Name: ___________________________________
Chapter 6 and 7 Test topics (practice problems provided on back)
This list is not necessarily all inclusive. You should study your entire note packet, all
worksheets, and all examples/practice work done in class and/or for homework
6.3 - 6.5
1. Who is Gregor Mendel? What is he known for?
2. Why did Mendel work with purebred plants?
3. Understand the difference between phenotype and genotype.
4. What is Mendel's First Law? explain.
5. What is Mendel's Second Law? explain.
6. When are dominant alleles expressed?
7. When are recessive alleles expressed?
8. Be familiar with all of the vocabulary (gene, heterozygous, homozygous, dominant,
recessive, allele, trait etc)
9. Be able to complete a punnett square and work problems like the examples in your
notes and on the back of your test topics.
10.What is meant by P generation? F1? F2?
11.What is a test cross? Know how to (and when to) perform a testcross
12.How are genes and alleles related? How are these terms related to homologous
chromosomes?
13.What is a dihybrid cross? Be able to answer questions about a dihybrid cross. Use the
math trick!
7.1
1. Describe what it means to be a "carrier" of a certain gene
2. How do disorders caused by dominant alleles and disorders caused by recessive alleles
differ? give examples. (autosomal dominant vs autosomal recessive) Be able to
complete punnett squares based on this.
3. What kind of disorder is Huntington's disease? Why is it especially devastating (in
terms of inheritance) Draw punnett squares to support your answer
4. How do males and females differ in sex-linked traits? Draw punnett squares to support
your answer (x-linked recessive disorders like hemophilia and color blindness)
5. How do sex-linked genes differ from genes carried on our autosomes?
6. What is X chromosome inactivation and why does it occur?
7. Describe X-inactivation by explaining the colorings of Calico cats.
8. How are the X and Y chromosomes different?
7.2-7.4
1. Understand and be able to provide examples of codominance (use blood typing as your
example). Be able to complete Punnett squares for codominant traits
2. Understand and be able to provide examples of incomplete dominance. Be able to
complete Punnett squares for incompletely dominant traits
3. Describe and give examples of polygenic traits
4. What is a linkage map? be able to draw a linkage map
5. What is a karyotype?
6. Be able to fill in genotypes on a pedigree when given mode of inheritance
Name: ___________________________________
Practice Problems
1. Sickle cell anemia is an autosomal recessive disorder.

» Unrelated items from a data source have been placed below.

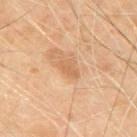The lesion was tiled from a total-body skin photograph and was not biopsied. A 15 mm crop from a total-body photograph taken for skin-cancer surveillance. The patient is a male aged approximately 70. The total-body-photography lesion software estimated a nevus-likeness score of about 0/100 and a detector confidence of about 100 out of 100 that the crop contains a lesion. The recorded lesion diameter is about 2.5 mm. Captured under cross-polarized illumination. The lesion is located on the upper back.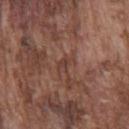workup = total-body-photography surveillance lesion; no biopsy
subject = male, in their mid-70s
lesion diameter = ~2.5 mm (longest diameter)
anatomic site = the chest
acquisition = total-body-photography crop, ~15 mm field of view
tile lighting = white-light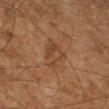Impression:
Captured during whole-body skin photography for melanoma surveillance; the lesion was not biopsied.
Clinical summary:
This image is a 15 mm lesion crop taken from a total-body photograph. On the left lower leg. A male patient, aged approximately 60.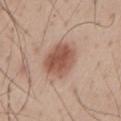A male subject, in their mid-40s. A 15 mm close-up extracted from a 3D total-body photography capture. From the front of the torso.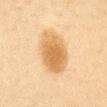| field | value |
|---|---|
| notes | imaged on a skin check; not biopsied |
| subject | female, aged 38 to 42 |
| location | the chest |
| image | total-body-photography crop, ~15 mm field of view |
| diameter | about 5.5 mm |
| automated metrics | a lesion color around L≈58 a*≈17 b*≈39 in CIELAB, roughly 11 lightness units darker than nearby skin, and a lesion-to-skin contrast of about 8 (normalized; higher = more distinct) |
| tile lighting | cross-polarized illumination |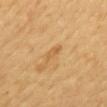Assessment: The lesion was tiled from a total-body skin photograph and was not biopsied. Background: A lesion tile, about 15 mm wide, cut from a 3D total-body photograph. Located on the mid back. A female patient aged 53–57. Approximately 2.5 mm at its widest.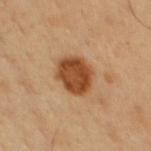Part of a total-body skin-imaging series; this lesion was reviewed on a skin check and was not flagged for biopsy.
A male subject, about 50 years old.
On the chest.
Captured under cross-polarized illumination.
A 15 mm close-up tile from a total-body photography series done for melanoma screening.
The total-body-photography lesion software estimated a mean CIELAB color near L≈47 a*≈23 b*≈38, about 15 CIELAB-L* units darker than the surrounding skin, and a lesion-to-skin contrast of about 11.5 (normalized; higher = more distinct). The software also gave border irregularity of about 1.5 on a 0–10 scale and a within-lesion color-variation index near 3.5/10.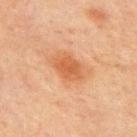biopsy status: no biopsy performed (imaged during a skin exam) | tile lighting: cross-polarized | automated lesion analysis: an area of roughly 7 mm², an outline eccentricity of about 0.75 (0 = round, 1 = elongated), and two-axis asymmetry of about 0.2; a border-irregularity rating of about 2/10, a within-lesion color-variation index near 2/10, and peripheral color asymmetry of about 0.5; a nevus-likeness score of about 90/100 and a detector confidence of about 100 out of 100 that the crop contains a lesion | anatomic site: the chest | acquisition: ~15 mm tile from a whole-body skin photo | patient: male, aged 68 to 72.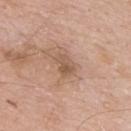Q: How was the tile lit?
A: white-light illumination
Q: What is the anatomic site?
A: the back
Q: What did automated image analysis measure?
A: a normalized border contrast of about 6; radial color variation of about 1.5
Q: Patient demographics?
A: male, roughly 60 years of age
Q: Lesion size?
A: ≈3 mm
Q: What kind of image is this?
A: 15 mm crop, total-body photography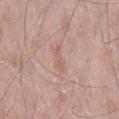image — 15 mm crop, total-body photography; size — ~3.5 mm (longest diameter); tile lighting — white-light; subject — male, aged 48 to 52; site — the right thigh.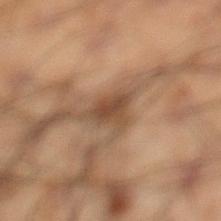Impression:
Recorded during total-body skin imaging; not selected for excision or biopsy.
Context:
On the left lower leg. A region of skin cropped from a whole-body photographic capture, roughly 15 mm wide. The subject is a male aged around 50.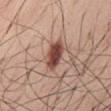| field | value |
|---|---|
| location | the abdomen |
| patient | male, aged 53 to 57 |
| lesion size | ≈3.5 mm |
| imaging modality | 15 mm crop, total-body photography |
| lighting | white-light illumination |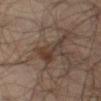Assessment: Captured during whole-body skin photography for melanoma surveillance; the lesion was not biopsied. Image and clinical context: A male subject in their mid- to late 60s. Approximately 5.5 mm at its widest. The lesion is located on the left thigh. This image is a 15 mm lesion crop taken from a total-body photograph. Imaged with cross-polarized lighting.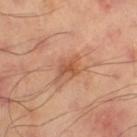Assessment:
This lesion was catalogued during total-body skin photography and was not selected for biopsy.
Clinical summary:
About 3 mm across. Imaged with cross-polarized lighting. A 15 mm close-up extracted from a 3D total-body photography capture. The lesion is on the left thigh. The total-body-photography lesion software estimated a lesion area of about 4.5 mm², a shape eccentricity near 0.7, and a symmetry-axis asymmetry near 0.4. It also reported a nevus-likeness score of about 30/100 and a lesion-detection confidence of about 100/100.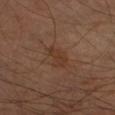No biopsy was performed on this lesion — it was imaged during a full skin examination and was not determined to be concerning. A male patient roughly 70 years of age. An algorithmic analysis of the crop reported a symmetry-axis asymmetry near 0.25. The software also gave a lesion color around L≈33 a*≈19 b*≈27 in CIELAB and roughly 5 lightness units darker than nearby skin. And it measured an automated nevus-likeness rating near 0 out of 100 and a detector confidence of about 100 out of 100 that the crop contains a lesion. A lesion tile, about 15 mm wide, cut from a 3D total-body photograph. The lesion is on the right forearm. About 3 mm across.

Cross a homozygous recessive parent with a
heterozygous parent. What are the chances a child from these parents would have sickle cell?
2. Marfan syndrome is an autosomal dominant disorder. Cross a homozygous dominant parent with a
homozygous recessive parent. What are the chances a child from these parents would have Marfan
syndrome?
3. Duchenne muscular dystrophy is a sex-linked recessive disorder. Cross a carrier mother with a
normal father. What are the chances a female child from these parents would have Duchenne
muscular dystrophy? Male?
4. Hunter’s syndrome Is a sex-linked recessive disorder. Cross a homozygous recessive mother with a
normal father. What are the chances a female child from these parents would have Hunter’s
syndrome? Male?
5. Rett syndrome is a sex-linked dominant disorder. Cross a heterozygous mother with a father
carrying the dominant allele. What are the chances a female child from these parents would have
Rett syndrome? Male?
6. If hair texture in humans shows incomplete dominance. What phenotype(s) would the offspring
exhibit if a curly haired individual is crossed with a straight haired individual?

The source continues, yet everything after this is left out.